The data also suggest that focusing on mathematical trajectories and connections might produce more positive likely impacts on student learning. This speaks to the need to focus on developing knowledge of the mathematical terrain in teacher education coursework—including what Ball and colleagues refer to as horizon knowledge—and highlights the more general issue that strong mathematical knowledge for teaching (Ball et al. 2008) is key to responding to PTMs in ways that enhance students’ mathematical understanding. For example, to productively respond to a PTM, a teacher needs to decipher the mathematics underlying a student’s response and consider how it fits with the goals of the lesson or broader goals of the course (Leatham et al. 2011). Work conceptualizing the mathematical knowledge for teaching required to act on these moments productively is needed to provide important insights into the process of becoming the kind of mathematics teacher advocated by organizations such as NCTM (2000).

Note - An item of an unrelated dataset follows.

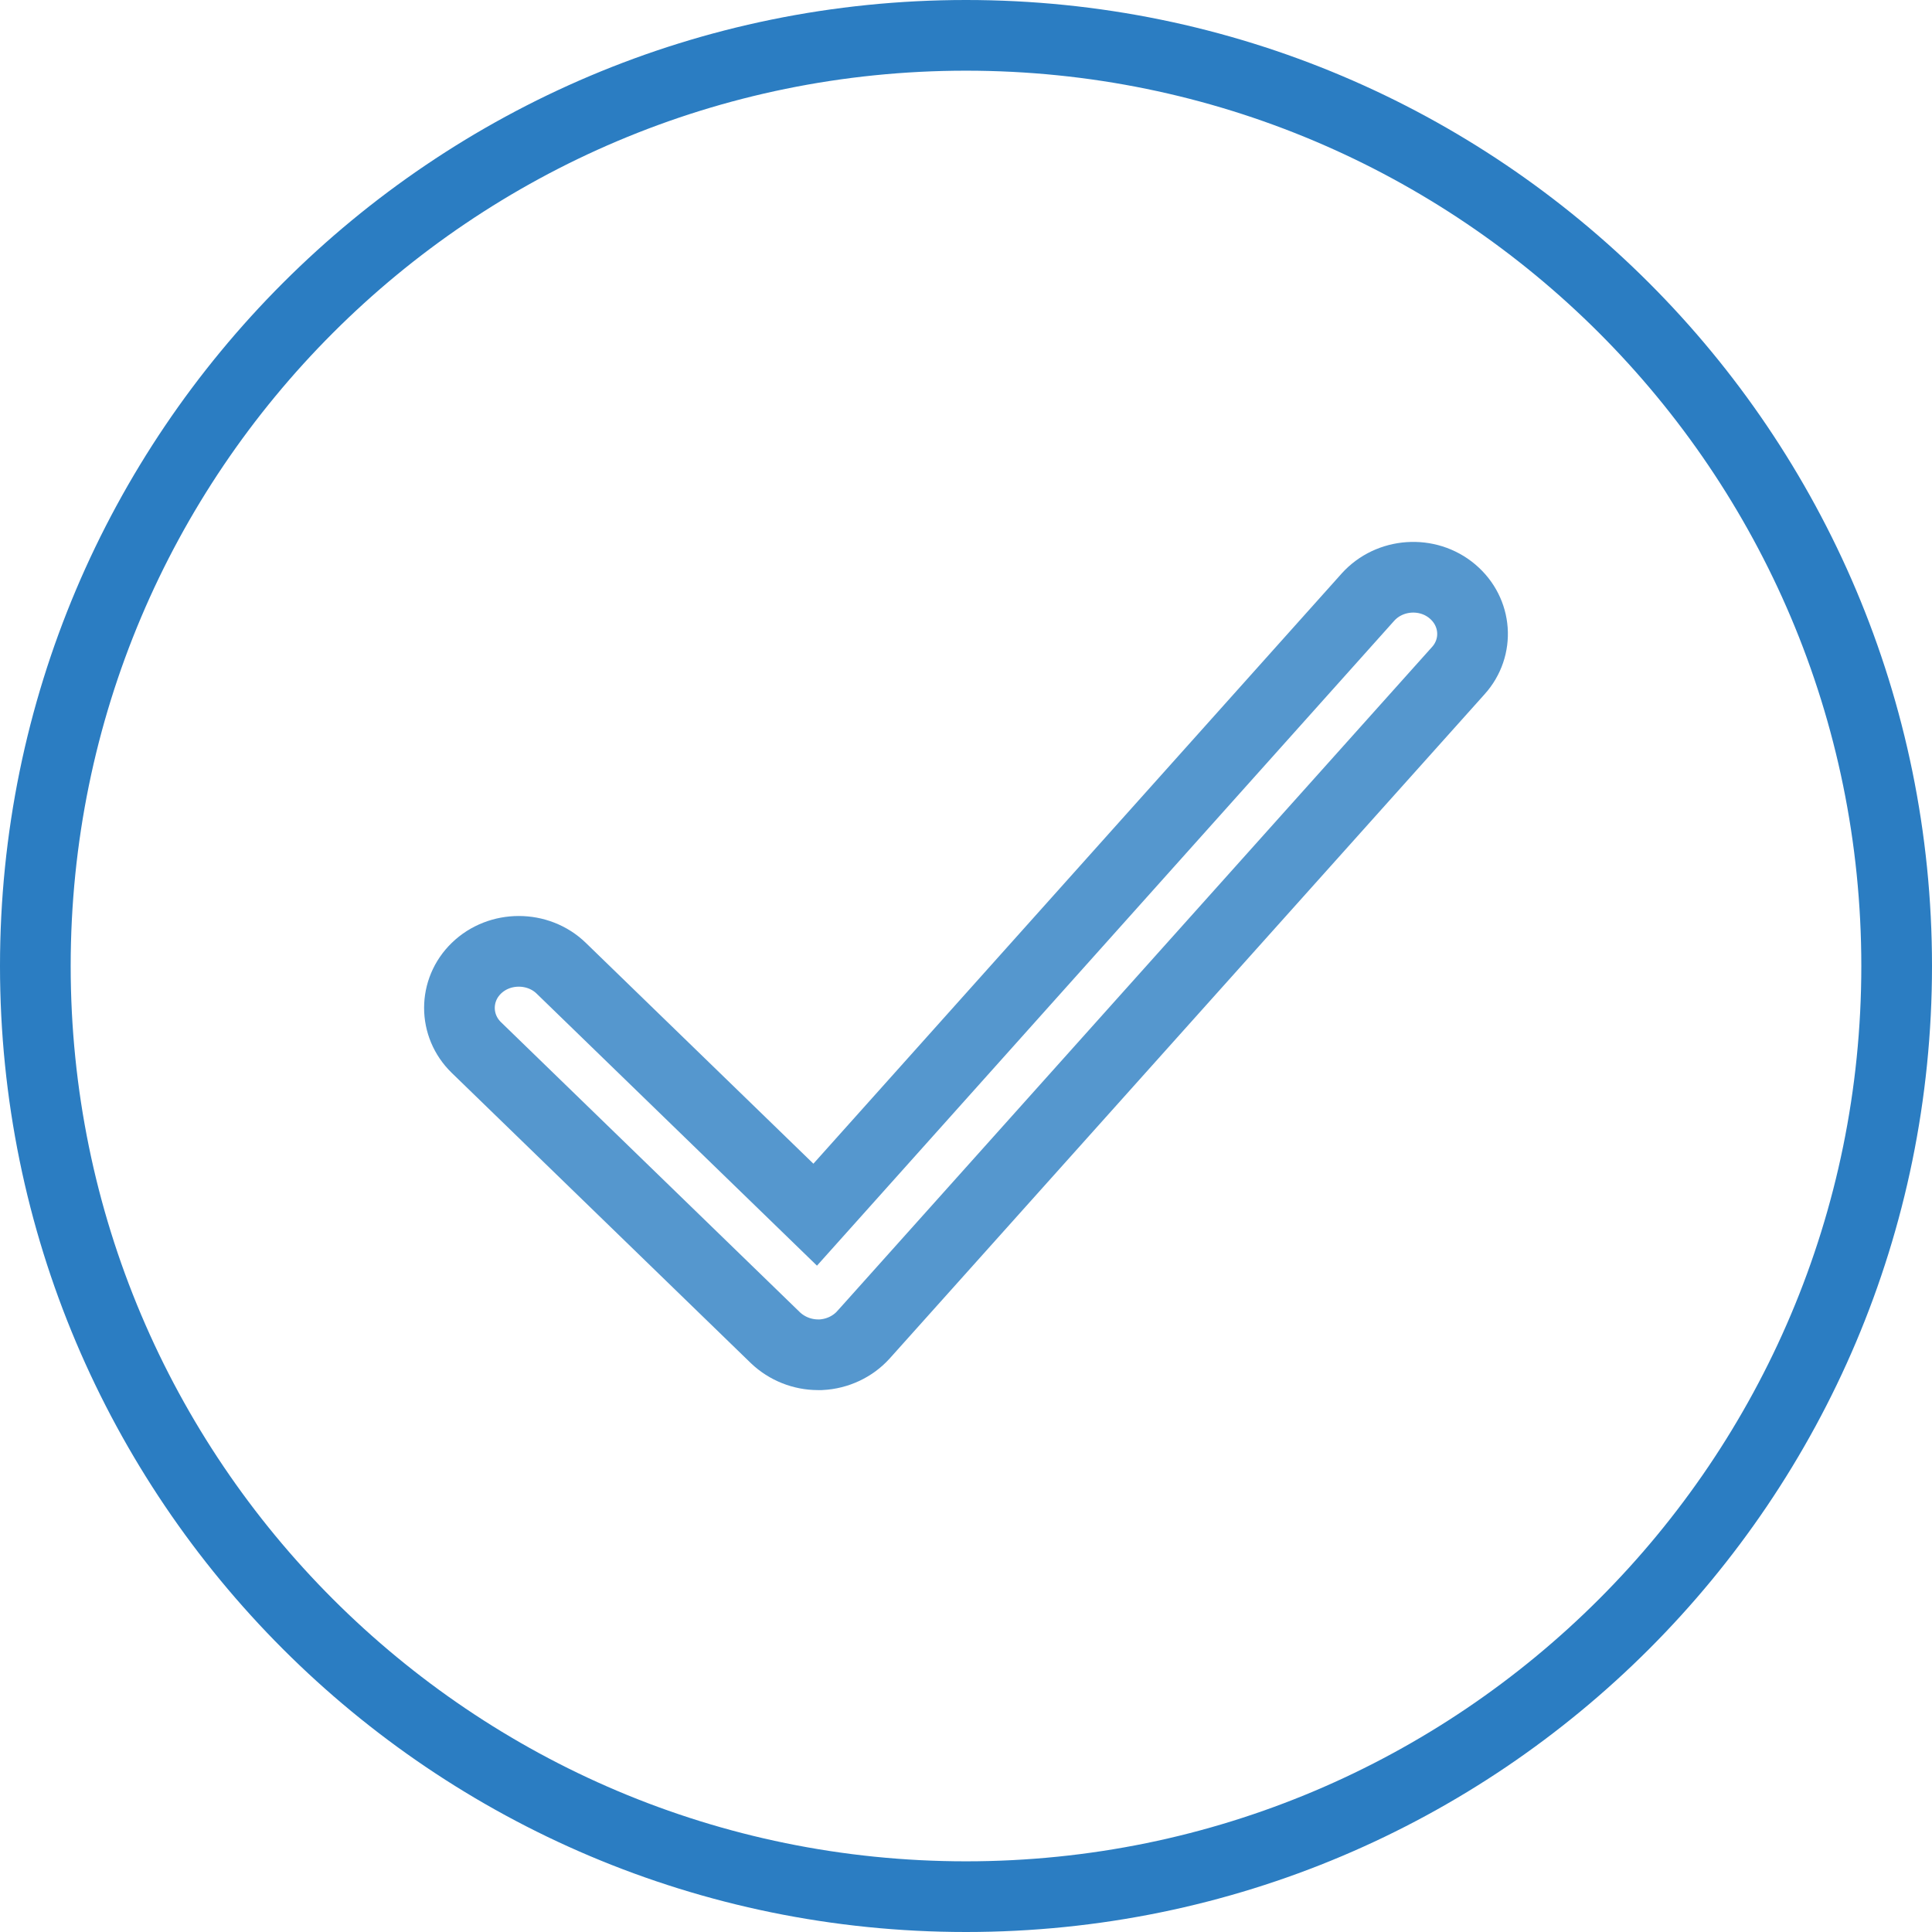 <svg width="82" height="82" viewBox="0 0 82 82" fill="none" xmlns="http://www.w3.org/2000/svg">
<path d="M80.5 41C80.5 62.815 62.815 80.5 41 80.5C19.185 80.5 1.5 62.815 1.5 41C1.5 19.185 19.185 1.5 41 1.5C62.815 1.5 80.5 19.185 80.5 41Z" stroke="#2B7DC2" stroke-width="3"/>
<path opacity="0.8" d="M35.641 50.391L58.059 25.345C58.059 25.345 58.06 25.344 58.06 25.344C58.979 24.323 60.595 24.211 61.648 25.103C62.685 25.982 62.783 27.476 61.897 28.461L61.895 28.463L36.647 56.654C36.647 56.654 36.647 56.655 36.646 56.655C36.198 57.152 35.544 57.465 34.839 57.5H34.839H34.839H34.839H34.838H34.838H34.838H34.837H34.837H34.837H34.836H34.836H34.836H34.835H34.835H34.835H34.834H34.834H34.834H34.833H34.833H34.833H34.833H34.832H34.832H34.831H34.831H34.831H34.831H34.83H34.83H34.83H34.829H34.829H34.829H34.828H34.828H34.828H34.827H34.827H34.827H34.827H34.826H34.826H34.825H34.825H34.825H34.825H34.824H34.824H34.824H34.823H34.823H34.823H34.822H34.822H34.822H34.822H34.821H34.821H34.821H34.82H34.82H34.82H34.819H34.819H34.819H34.818H34.818H34.818H34.817H34.817H34.817H34.816H34.816H34.816H34.816H34.815H34.815H34.815H34.814H34.814H34.814H34.813H34.813H34.813H34.812H34.812H34.812H34.812H34.811H34.811H34.811H34.81H34.81H34.81H34.809H34.809H34.809H34.809H34.808H34.808H34.808H34.807H34.807H34.807H34.806H34.806H34.806H34.806H34.805H34.805H34.805H34.804H34.804H34.804H34.803H34.803H34.803H34.803H34.802H34.802H34.802H34.801H34.801H34.801H34.8H34.8H34.8H34.8H34.799H34.799H34.799H34.798H34.798H34.798H34.798H34.797H34.797H34.797H34.796H34.796H34.796H34.795H34.795H34.795H34.795H34.794H34.794H34.794H34.794H34.793H34.793H34.793H34.792H34.792H34.792H34.791H34.791H34.791H34.791H34.79H34.79H34.79H34.789H34.789H34.789H34.789H34.788H34.788H34.788H34.787H34.787H34.787H34.787H34.786H34.786H34.786H34.785H34.785H34.785H34.785H34.784H34.784H34.784H34.783H34.783H34.783H34.782H34.782H34.782H34.782H34.781H34.781H34.781H34.781H34.78H34.78H34.78H34.779H34.779H34.779H34.779H34.778H34.778H34.778H34.777H34.777H34.777H34.777H34.776H34.776H34.776H34.776H34.775H34.775H34.775H34.774H34.774H34.774H34.773H34.773H34.773H34.773H34.772H34.772H34.772H34.772H34.771H34.771H34.771H34.77H34.77H34.77H34.77H34.769H34.769H34.769H34.769H34.768H34.768H34.768H34.767H34.767H34.767H34.767H34.766H34.766H34.766H34.765H34.765H34.765H34.765H34.764H34.764H34.764H34.764H34.763H34.763H34.763H34.762H34.762H34.762H34.762H34.761H34.761H34.761H34.761H34.76H34.76H34.76H34.759H34.759H34.759H34.758H34.758H34.758H34.758H34.758H34.757H34.757H34.757H34.756H34.756H34.756H34.755H34.755H34.755H34.755H34.754H34.754H34.754H34.754H34.753H34.753H34.753H34.752H34.752H34.752H34.752H34.751H34.751H34.751H34.751H34.75H34.75H34.75H34.749H34.749H34.749H34.749H34.748H34.748H34.748H34.748H34.747H34.747H34.747H34.747H34.746H34.746H34.746H34.745H34.745H34.745H34.745H34.744H34.744H34.744H34.744H34.743H34.743H34.743H34.742H34.742H34.742H34.742H34.741H34.741H34.741H34.741H34.74H34.74H34.74H34.74H34.739H34.739H34.739H34.739H34.738H34.738H34.738H34.737H34.737H34.737H34.737H34.736H34.736H34.736H34.736H34.735H34.735H34.735H34.734H34.734H34.734H34.734H34.733H34.733H34.733H34.733H34.732H34.732H34.732H34.731H34.731H34.731H34.731H34.73H34.73H34.73H34.73H34.729H34.729H34.729H34.729H34.728H34.728H34.728H34.727H34.727H34.727H34.727H34.726H34.726H34.726H34.726H34.725H34.725H34.725H34.724H34.724H34.724H34.724H34.724H34.723H34.723H34.723H34.722H34.722H34.722H34.722H34.721H34.721H34.721H34.721C34.046 57.5 33.398 57.238 32.915 56.781L20.22 44.462C19.26 43.531 19.26 42.025 20.22 41.094C21.204 40.139 22.834 40.139 23.819 41.094L33.478 50.467L34.599 51.555L35.641 50.391Z" stroke="#2B7DC2" stroke-width="3"/>
</svg>

Fully understanding PTMs and teacher decisions in response to them requires expansion of the exploratory study in two important ways. First, other groups of teachers, including those who are more experienced and those who may have participated in learning experiences aimed to promote noticing and capitalizing on PTMs during instruction need to be included in the data set. Although the participants in this study engaged in activities related to understanding student thinking in their teacher education coursework, they did not focus specifically on what student thinking might be most productive to build on during instruction. Second, teacher decisions require further investigation. This study classified teacher decisions in relation to what could be observed in the classroom video. We acknowledge, however, that teachers’ decisions may be mitigated by a host of contextual and teacher-specific factors (e.g., Jaworski 2004; Schoenfeld 2011). Thus, additional research should include interviews with teachers that will provide more complete information about not only whether they noticed a PTM during instruction, but the thinking behind their decisions to either act upon or ignore PTMs.

The intent of this exploratory work was to provide an initial understanding of high-leverage instances of student thinking that occur as interruptions in the flow of a classroom lesson. The resulting framework can be used by researchers to engage in detailed analysis of teachers’ noticing and use of student thinking during a lesson. For example, it provides researchers with a tool for analyzing what types of student thinking a teacher is able or unable to recognize and effectively respond to, rather than simply analyzing whether a teacher responds to student thinking. The framework can also be used by teacher educators to help teachers capitalize on PTMs during classroom instruction. Teachers are faced with a myriad of decisions on a moment-by-moment basis in their classrooms. We argue that PTMs, by their very nature, prompt teacher decisions that can have a high impact on the learning that goes on in a classroom. As such, they are worthy of analysis so that PTMs and effective responses to them can be identified and shared with teachers. This is particularly useful in the case of novice teachers who have less experience and knowledge to draw on as they make their decisions. Being able to recognize PTMs and effective responses to them would improve beginning teachers’ abilities to act in ways that would increase their students’ mathematical understanding.